SHAP plotting skipped: The passed model is not callable and cannot be analyzed directly with the given masker! Model: Pipeline(steps=[('preprocess',
                 ColumnTransformer(transformers=[('num',
                                                  Pipeline(steps=[('imputer',
                                                                   SimpleImputer(strategy='median')),
                                                                  ('scaler',
                                                                   StandardScaler())]),
                                                  ['bedrooms', 'bathrooms',
                                                   'sqft_living', 'sqft_lot',
                                                   'floors', 'waterfront',
                                                   'view', 'condition', 'grade',
                                                   'sqft_above',
                                                   'sqft_basement', 'yr_bu

## Save the trained model
We persist the best model pipeline (with preprocessing) using joblib.

In [19]:
model_to_save = best_pipeline
save_path = 'best_real_estate_model.joblib'
joblib.dump(model_to_save, save_path)
print('Saved to', save_path)

Saved to best_real_estate_model.joblib


## Inference example
How to load the model and score new data.

In [20]:
loaded = joblib.load('best_real_estate_model.joblib')
# Create a single-row example using medians/modes from training data
row = {}
for c in numeric_features:
    row[c] = float(X_train[c].median())
for c in categorical_features:
    row[c] = str(X_train[c].mode().iloc[0]) if len(X_train[c].mode()) > 0 else ''
example = pd.DataFrame([row])
pred_example = loaded.predict(example)[0]
print('Predicted price for example row:', round(pred_example, 2))

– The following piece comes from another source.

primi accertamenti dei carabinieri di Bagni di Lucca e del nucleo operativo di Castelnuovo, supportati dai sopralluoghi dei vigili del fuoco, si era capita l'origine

Predicted price for example row: 483070.12


## Conclusions
- We prepared data, engineered features, and compared several regression models.
- We evaluated performance via cross-validation and a held-out test set.
- Feature importance and permutation importance highlighted key drivers.
- Interactive Plotly visuals made exploration and error analysis intuitive.

Next ideas: try more models (XGBoost/LightGBM), richer feature engineering (interactions, logs), and spatial features.